### TASK STATEMENT
Would you print out all of the data exactly and keep the pictures out of it?
**** DATASET ENTRIES
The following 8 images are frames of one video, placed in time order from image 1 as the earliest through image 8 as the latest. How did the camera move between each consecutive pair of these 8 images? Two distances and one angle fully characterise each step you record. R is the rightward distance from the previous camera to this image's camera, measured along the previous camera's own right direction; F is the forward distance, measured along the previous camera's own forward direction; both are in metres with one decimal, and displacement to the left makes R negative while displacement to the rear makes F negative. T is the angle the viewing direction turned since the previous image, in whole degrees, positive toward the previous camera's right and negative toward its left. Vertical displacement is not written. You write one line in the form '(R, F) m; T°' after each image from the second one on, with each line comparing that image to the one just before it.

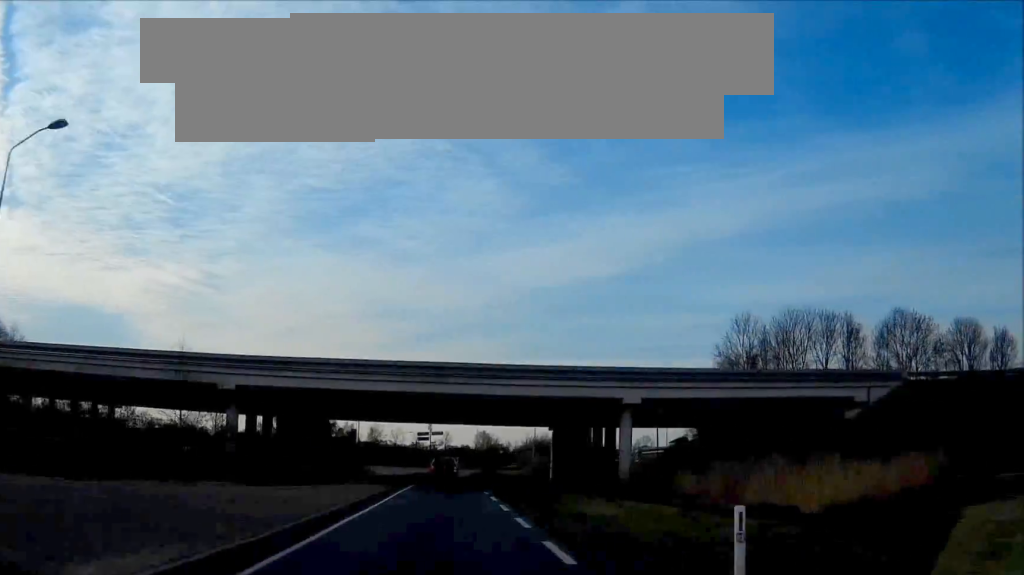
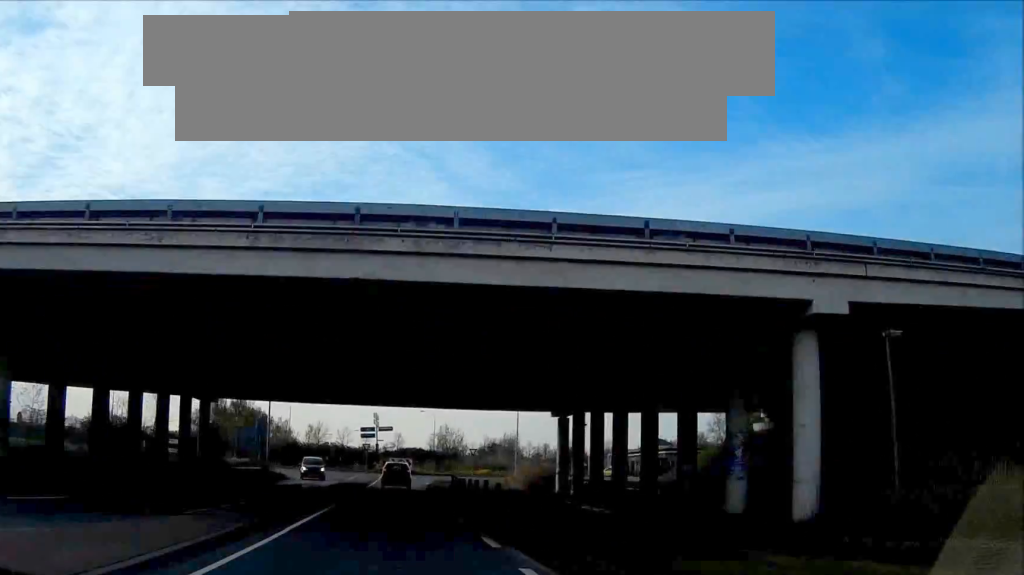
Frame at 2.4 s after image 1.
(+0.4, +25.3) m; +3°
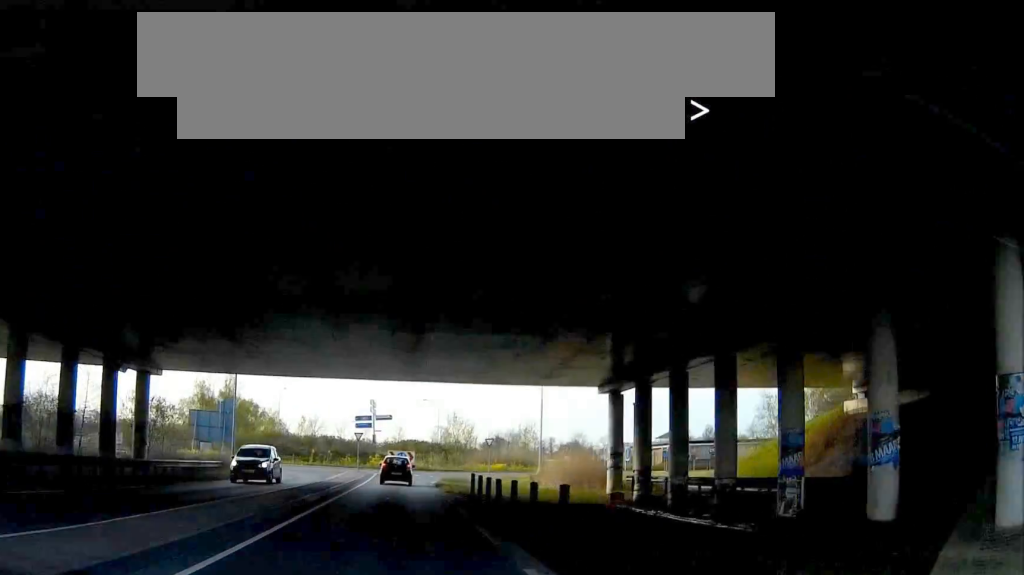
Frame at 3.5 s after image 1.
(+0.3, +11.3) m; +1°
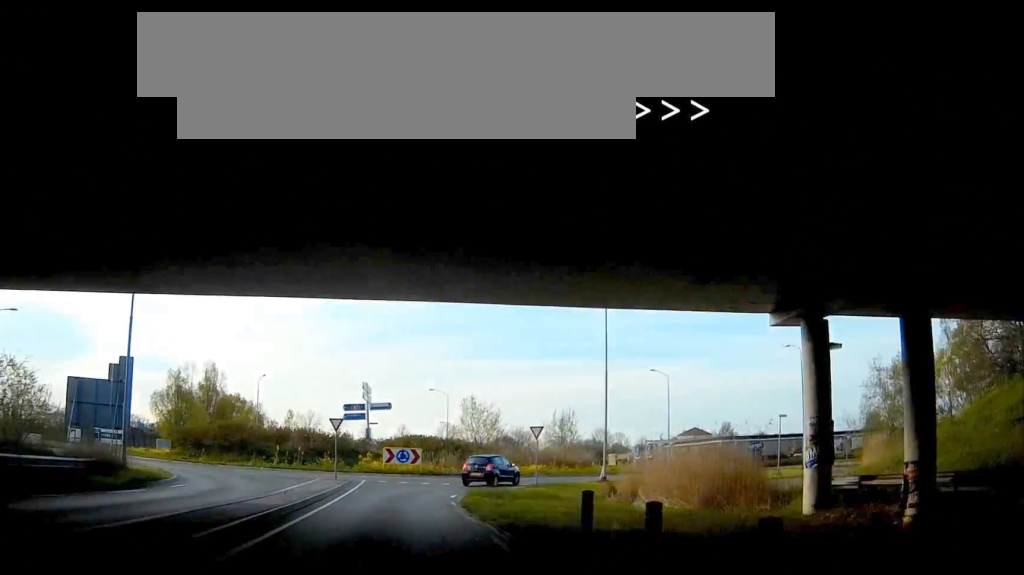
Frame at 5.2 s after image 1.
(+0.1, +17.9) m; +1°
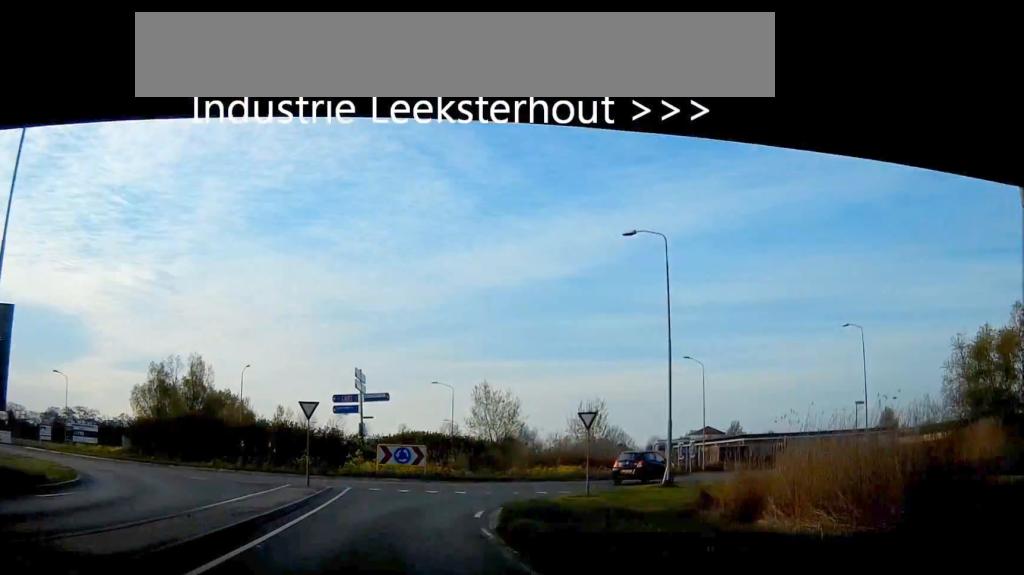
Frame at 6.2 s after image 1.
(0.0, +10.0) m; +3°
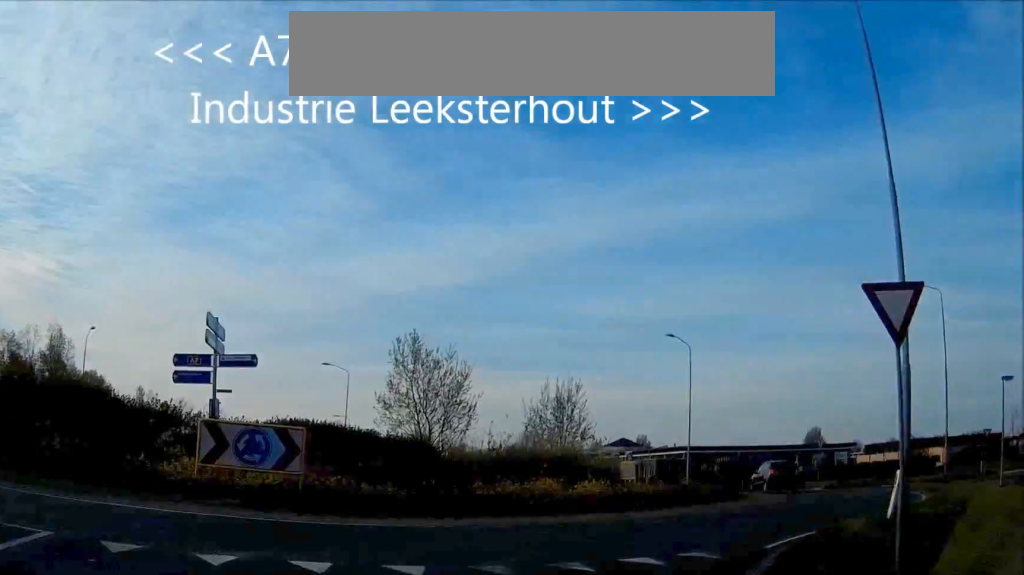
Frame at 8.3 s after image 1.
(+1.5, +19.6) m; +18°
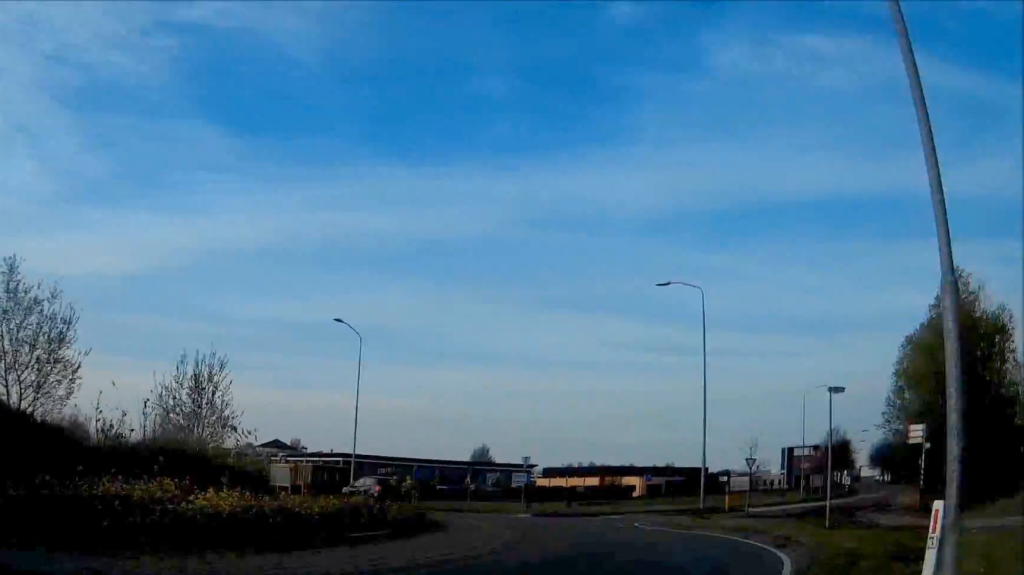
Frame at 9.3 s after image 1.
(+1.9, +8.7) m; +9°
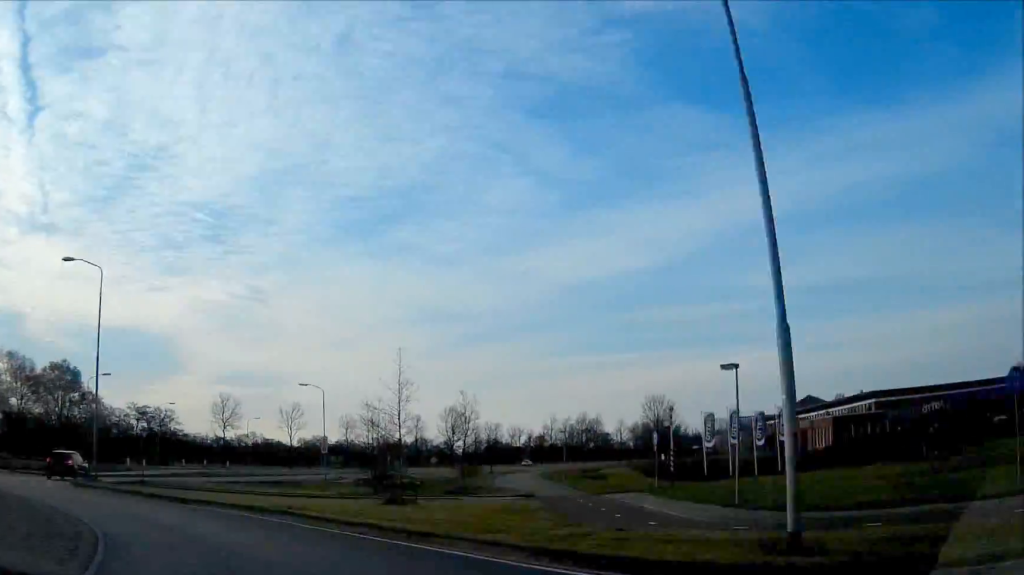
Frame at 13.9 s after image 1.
********
### YOUR SOLUTION
The following 8 images are frames of one video, placed in time order from image 1 as the earliest through image 8 as the latest. How did the camera move between each consecutive pair of these 8 images? Two distances and one angle fully characterise each step you record. R is the rightward distance from the previous camera to this image's camera, measured along the previous camera's own right direction; F is the forward distance, measured along the previous camera's own forward direction; both are in metres with one decimal, and displacement to the left makes R negative while displacement to the rear makes F negative. T is the angle the viewing direction turned since the previous image, in whole degrees, positive toward the previous camera's right and negative toward its left. Vertical displacement is not written. You write one line in the form '(R, F) m; T°' after each image from the second one on, with each line comparing that image to the one just before it.

Frame at 2.4 s after image 1.
(+0.4, +25.3) m; +3°
Frame at 3.5 s after image 1.
(+0.3, +11.3) m; +1°
Frame at 5.2 s after image 1.
(+0.1, +17.9) m; +1°
Frame at 6.2 s after image 1.
(0.0, +10.0) m; +3°
Frame at 8.3 s after image 1.
(+1.5, +19.6) m; +18°
Frame at 9.3 s after image 1.
(+1.9, +8.7) m; +9°
Frame at 13.9 s after image 1.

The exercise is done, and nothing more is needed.